Criminal Offences

Warning: The following is general advice only. It should not be substituted for legal advice. The following information is drawn from resources including Legal Aid Commission, NSW Law Society and Lawlink NSW.

Arrest

Who can arrest me and why?
The police can arrest you if they have a warrant for your arrest; you have committed or are about to commit an offence against the Commonwealth Crimes Act; or you are suspected of smuggling or the import or export of prohibited goods.

Can the police use force to arrest me?
The police can use as much force as necessary to arrest you. The court will determine whether the force used was reasonable.

What happens if I resist arrest?
It is a criminal offence to resist arrest. You may be charged with resisting arrest even if the police determine not to charge you with any other offence.

Do I have to submit for a search?
Police can stop, search and detain you in certain circumstances. They can pat you down, look in your pockets and bags and search your car. In some circumstances they can strip search you.

The police officer must provide you with their name and reason for the search.

The court will determine whether the police had reasonable grounds for the search at a later date.

Can I be arrested for questioning?
Police can request you to accompany them to the police station but you are not required to go unless you have been arrested for an offence. It is not advisable to speak with the police until you have spoken to your Solicitor.

What should I do when arrested?
Insist that you be allowed to contact a lawyer.

Do I have to answer questions if I am under arrest?
Generally you have the right to silence. The exception is if the arrest concerns a motor vehicle incident where you are required to give your name and address and specifics of the incident. If in doubt insist on speaking to a solicitor first.

Give the police your name, address and date of birth, but do not answer any other questions or sign anything other than a bail form without the advice of a Solicitor.

Do I have to submit to being fingerprinted or photographed?
The police may take your fingerprints and photograph for the purpose of identification.

How long do I have to stay in custody?
Following an arrest the police may detain you for 4 hours. They can then apply for an extension of a further 8 hours. After this you must be either charged or released.

When can I get bail?
Usually after arrest and charging at a police station. In some circumstances bail can be denied. If in doubt contact a Solicitor.

How can a Solicitor help me?
They can advise you of your rights; explain the alternatives; make a bail application for you; and represent you in Court.

Before you go to Court

You should get legal advice as soon as you can.
It can take time to get legal aid or see a private solicitor. If you want to speak for yourself in court, it is still important to get legal advice. The court will be making decision about your future so getting legal help is a good idea.

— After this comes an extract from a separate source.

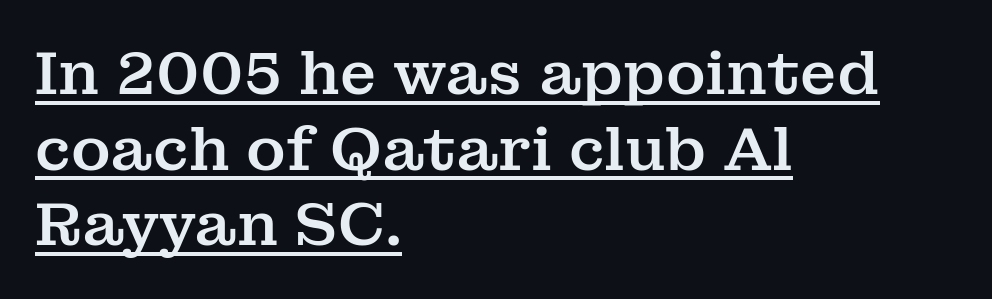
The image shows 60 px serif type, upright; set left-aligned, normal line spacing (1.26x), normal letter spacing, underlined; medium stroke contrast and a medium x-height.

Request an interpreter if you need one.
Ring the court where you case is to be heard and ask them to book an interpreter in your language. This can take some time to arrange so give them as much warning as possible.

Write down what happened.
This is very important. Prepare a statement in your own words of everything that occurred relating to your charge. This should include any conversations with police and witnesses. Make sure you do this while the events are fresh in your mind.

Character References
Written references about your good character can help your case in court.

Character references should be from people who do not have criminal records or “bad reputations”. These references can come from neighbours, family friends, workmates or members of clubs or organisations you belong to.

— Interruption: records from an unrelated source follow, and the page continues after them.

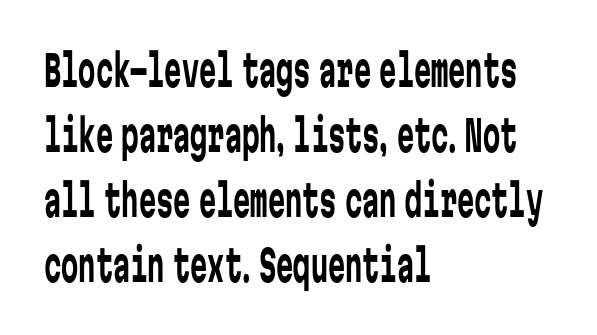
Q: Is the text bold? A: No.
Q: Is the text italic (slanted)? A: No, it is upright.
Q: Is the typeface a serif or a sans-serif typeface? A: Sans-serif.
Q: Is the text underlined? A: No.
Q: How is the paragraph aligned? A: Left-aligned.
Q: Is the spacing between letters normal or unusually wide? A: Normal.
Q: Is the spacing between lines tight, normal or loose? A: Normal.
Q: Width (condensed, normal, or wide)? A: Condensed.
Q: Stroke contrast? A: Low.
Q: x-height? A: Medium.
Q: Monospaced? A: Yes.
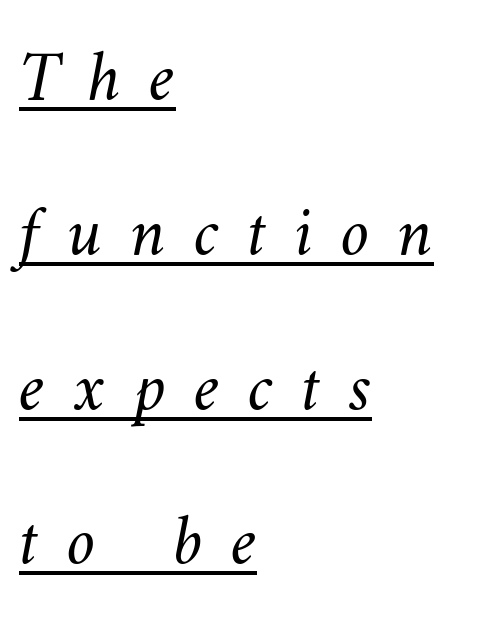
{"bold": "no", "weight": "light", "width": "normal", "stroke_contrast": "medium", "x_height": "small", "monospaced": "no", "underline": "yes", "align": "left", "line_spacing": "loose", "line_spacing_ratio": 2.15, "letter_spacing": "wide", "letter_spacing_em": 0.39, "glyph_px": 72}

The references should be neatly typed and include the following:

  • They should be addressed to the Presiding Magistrate or Judge
  • State that the referee is aware of the charges before the court
  • State how long the referee has known you
  • How the person knows you
  • Anything which might help the court understand your good character
  • Be signed with the name of the person printed underneath with their address, occupation and the date.